Теперь нам стало ясно, почему в январе 1914 г. у Степана Шорника был такой тщательный обыск.
Распарывали подушки, матрацы, обстукивали стены, срывали доски пола, копали землю в сарае и пр. У остальных же арестованных, в том числе и у меня, обыск был поверхностный. Листовки к Степану принес тогда Мульгин, и охранка об этом была извещена. Степан успел вовремя переправить их ко, мне, и Мульгину это было неизвестно, поэтому провокация не удалась.
Тут Касторович напомнил, что Мульгин выдвинут кандидатом в члены Петроградского Совета рабочих и солдатских депутатов. Нужно было немедленно послать на завод наших товарищей и обо всем рассказать рабочим.
Мульгина мы решили судить в своем партийном коллективе. На суд Временного буржуазного правительства надеяться было нечего.
Приговор всем был ясен: предателю смерть. Это решение было принято единогласно. Три товарища взяли на себя приведение приговора в исполнение. Они отправились к Мульгину, а мы молча сидели и ждали их возвращения.
Вернувшись, они сообщили, что Мульгина дома не оказалось; его арестовали и отправили в Кресты. Мы решили установить наблюдение за Крестами, так как были уверены, что его быстро выпустят. И мы не ошиблись. Правительство Керенского выпустило всех провокаторов, в том числе и Мульгина. Он ускользнул от нас, уехав в Орловскую губернию. Только после Октябрьской революции Мульгин был арестован и по приговору суда расстрелян.
Митинг в казармах Московского гренадерского полка
После Февральской революции проводилось множество митингов и собраний, на которых происходили постоянные стычки между большевиками и меньшевиками.
Мне хорошо запомнилось одно из таких собраний. Оно происходило в Московском гренадерском полку; я случайно присутствовал на этом собрании.
В длинном, широком помещении бывшего офицерского собрания набилось до отказа солдат. Духота стояла невероятная. Я пробился к стенке, недалеко от стола, на котором докладчик, капитан какой-то пехотной части, готовил нужные к докладу бумаги.
К столу подошел бравый старший унтер-офицер и открыл собрание.
Слово было предоставлено представителю солдатской секции Петроградского Совета рабочих и солдатских депутатов капитану Беляеву.

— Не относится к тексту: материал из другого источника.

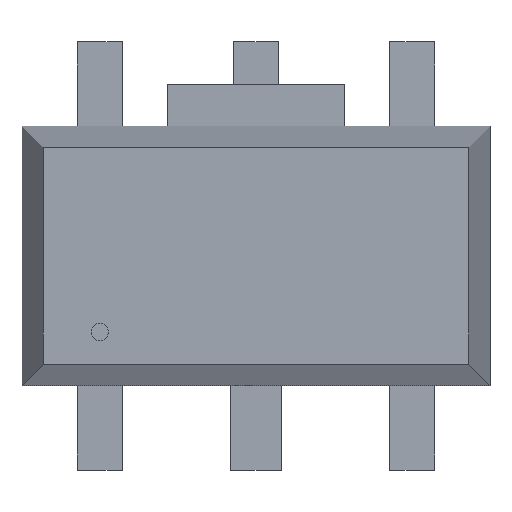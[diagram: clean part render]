
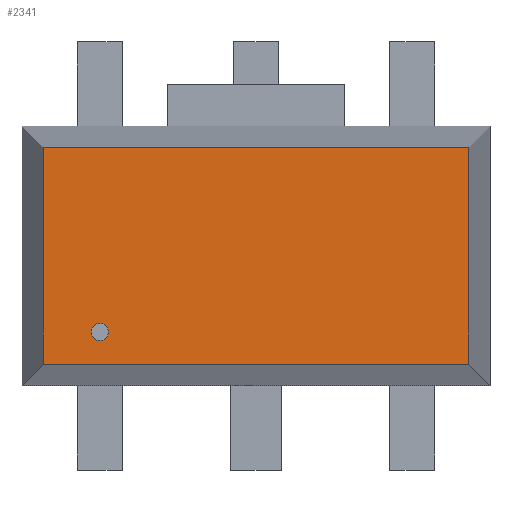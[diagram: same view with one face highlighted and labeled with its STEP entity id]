
A CAD part, top view. The second image highlights one B-rep face of the part: STEP entity #2341.
In plain terms, the highlighted planar face has unit normal (0, 0, 1).
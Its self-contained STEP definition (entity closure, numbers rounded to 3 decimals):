
#2341=ADVANCED_FACE($,(#2347),#2342,.F.);
#2342=PLANE($,#2343);
#2343=AXIS2_PLACEMENT_3D($,#2344,#2345,#2346);
#2344=CARTESIAN_POINT('Origin',(-2.045,-1.041,1.549));
#2345=DIRECTION('center_axis',(0.0,0.0,-1.0));
#2346=DIRECTION('ref_axis',(0.,1.,0.));
#2347=FACE_OUTER_BOUND($,#2348,.T.);
#2348=EDGE_LOOP($,(#2349,#2359,#2369,#2379));
#2349=ORIENTED_EDGE($,*,*,#2350,.F.);
#2350=EDGE_CURVE($,#2351,#2353,#2355,.T.);
#2351=VERTEX_POINT($,#2352);
#2352=CARTESIAN_POINT('',(2.045,-1.041,1.549));
#2353=VERTEX_POINT($,#2354);
#2354=CARTESIAN_POINT('',(-2.045,-1.041,1.549));
#2355=LINE($,#2356,#2357);
#2356=CARTESIAN_POINT($,(2.045,-1.041,1.549));
#2357=VECTOR($,#2358,4.089);
#2358=DIRECTION($,(-1.0,0.0,0.0));
#2359=ORIENTED_EDGE($,*,*,#2360,.F.);
#2360=EDGE_CURVE($,#2361,#2363,#2365,.T.);
#2361=VERTEX_POINT($,#2362);
#2362=CARTESIAN_POINT('',(2.045,1.041,1.549));
#2363=VERTEX_POINT($,#2352);
#2365=LINE($,#2366,#2367);
#2366=CARTESIAN_POINT($,(2.045,1.041,1.549));
#2367=VECTOR($,#2368,2.083);
#2368=DIRECTION($,(0.0,-1.0,0.0));
#2369=ORIENTED_EDGE($,*,*,#2370,.F.);
#2370=EDGE_CURVE($,#2371,#2373,#2375,.T.);
#2371=VERTEX_POINT($,#2372);
#2372=CARTESIAN_POINT('',(-2.045,1.041,1.549));
#2373=VERTEX_POINT($,#2362);
#2375=LINE($,#2376,#2377);
#2376=CARTESIAN_POINT($,(-2.045,1.041,1.549));
#2377=VECTOR($,#2378,4.089);
#2378=DIRECTION($,(1.0,0.0,0.0));
#2379=ORIENTED_EDGE($,*,*,#2380,.F.);
#2380=EDGE_CURVE($,#2381,#2383,#2385,.T.);
#2381=VERTEX_POINT($,#2354);
#2383=VERTEX_POINT($,#2372);
#2385=LINE($,#2386,#2387);
#2386=CARTESIAN_POINT($,(-2.045,-1.041,1.549));
#2387=VECTOR($,#2388,2.083);
#2388=DIRECTION($,(0.0,1.0,0.0));

— От солдат офицер будет говорить,— прошептал кто-то возле меня. Я тоже насторожился...
— Товарищи, мы с вами теперь свободные люди, мы кровью своей добыли эту свободу,— начал капитан.
Вот он говорит полчаса, сорок минут и все в том же духе: свобода, воля, народ, кровь, победа и ни звука о практических задачах. Я не выдержал и крикнул:
— Товарищ капитан, о земле скажи, когда помещики отдадут землю крестьянам и когда ты отдашь им свою. Вокруг завозились солдаты. Одни смотрят на меня с удивлением, другие — с напряженным любопытством, третьи — с одобрительной улыбкой. А докладчик продолжает сыпать пышные слова и ни звука о земле, будто и не было вопроса.
Выждав некоторое время, я снова крикнул:
— О войне скажи, когда войне конец будет и когда закон о восьмичасовом рабочем дне для рабочих выйдет.
Докладчика взорвало.
— Я прошу оградить меня от этих анархистских элементов! — взревел он.
— О-г-го, куда хватил! О земле, о войне, о восьмичасовом рабочем дне — это анархия? А болтать целый час впустую — это не анархия?
Начался шум, топот, послышались выкрики.
— Правильно! Говори о земле, о войне, а зубы нам не заговаривай!
— Убрать его! — кричат некоторые.— Пусть не мешает слушать!
— Он не мешает, надо говорить о земле, о войне. Докладчик умолк, платком вытирает вспотевший лоб. Председатель собрания подзывает ефрейтора и что-то шепчет ему на ухо. Ефрейтор кивает головой, исчезает и буквально через минуту вырастает передо мной с двумя вооруженными солдатами.
— Идем,— сердито говорит он. Сопротивляться было бесполезно. Я поднялся и через боковую дверь вышел на улицу.
Но господину капитану вся обедня была испорчена, мысли солдат оказались направленными совсем не туда, куда он хотел.
В Выборгском районном Совете
Рабочие завода «Людвиг Нобель» по рекомендации нашей партийной организации избрали меня своим представителем в районный Совет рабочих и солдатских депутатов. В Петроградский Совет еще 27 февраля прямо на улице небольшой группой рабочих был избран эсер, и теперь общее собрание его утвердило. Когда я пришел на заседание райсовета, происходившее в здании Педагогического женского института, я был удивлен. Президиум уже сформирован, председателем его избран интернационалист межрайонец Максимов.